■ Task details: Retype nothing except the lines below from the one with "Invasive ductal carcinoma" through the one with "human: [hr_rgb_0.5]", exactly, with images left out.

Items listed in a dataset
-- Opening Marker --
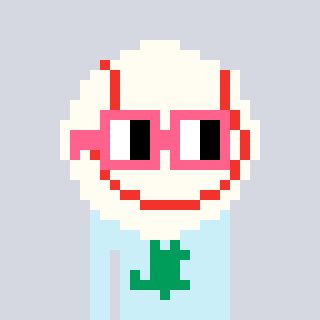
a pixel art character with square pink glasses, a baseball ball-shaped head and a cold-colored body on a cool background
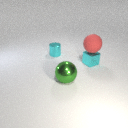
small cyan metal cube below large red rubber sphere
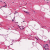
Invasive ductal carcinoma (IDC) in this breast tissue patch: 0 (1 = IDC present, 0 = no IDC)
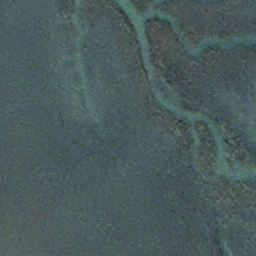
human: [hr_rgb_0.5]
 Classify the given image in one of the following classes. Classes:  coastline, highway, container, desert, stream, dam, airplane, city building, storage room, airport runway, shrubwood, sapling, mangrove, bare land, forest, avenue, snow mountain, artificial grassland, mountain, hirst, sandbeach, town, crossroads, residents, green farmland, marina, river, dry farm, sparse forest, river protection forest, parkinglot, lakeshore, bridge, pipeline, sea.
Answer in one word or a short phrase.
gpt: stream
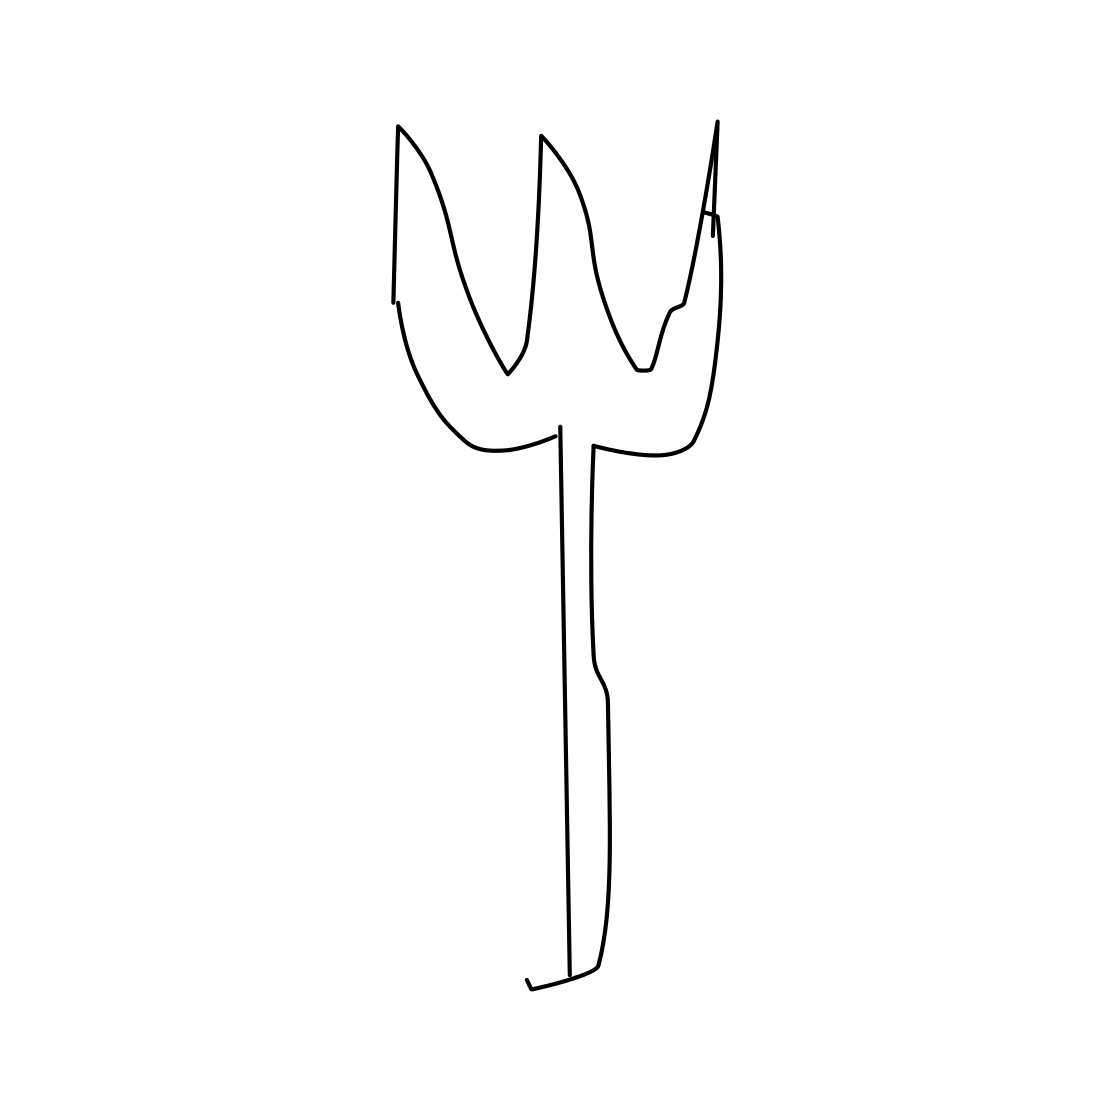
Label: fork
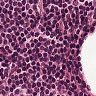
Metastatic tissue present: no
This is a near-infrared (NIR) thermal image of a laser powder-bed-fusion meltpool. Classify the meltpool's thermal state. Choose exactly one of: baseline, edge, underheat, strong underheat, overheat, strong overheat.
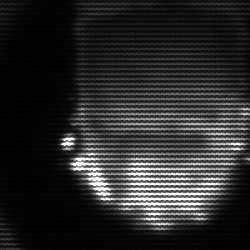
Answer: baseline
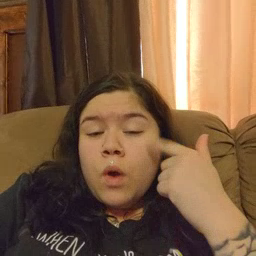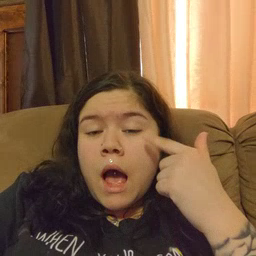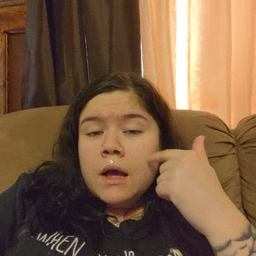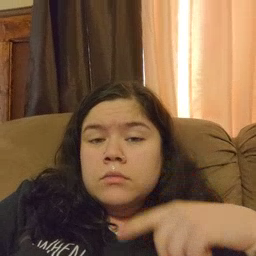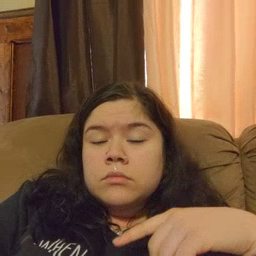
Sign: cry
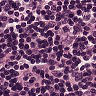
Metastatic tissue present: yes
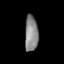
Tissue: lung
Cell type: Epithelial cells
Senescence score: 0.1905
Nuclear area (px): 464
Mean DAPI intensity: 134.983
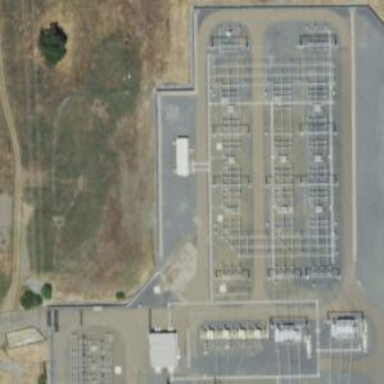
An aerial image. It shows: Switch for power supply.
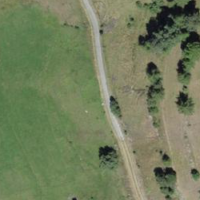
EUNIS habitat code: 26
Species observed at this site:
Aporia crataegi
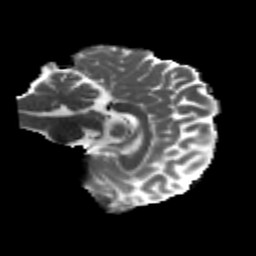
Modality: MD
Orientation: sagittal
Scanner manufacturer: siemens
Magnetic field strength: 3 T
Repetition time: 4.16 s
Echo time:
-- Closing Marker --
■ Exercise output:
Invasive ductal carcinoma (IDC) in this breast tissue patch: 0 (1 = IDC present, 0 = no IDC)
human: [hr_rgb_0.5]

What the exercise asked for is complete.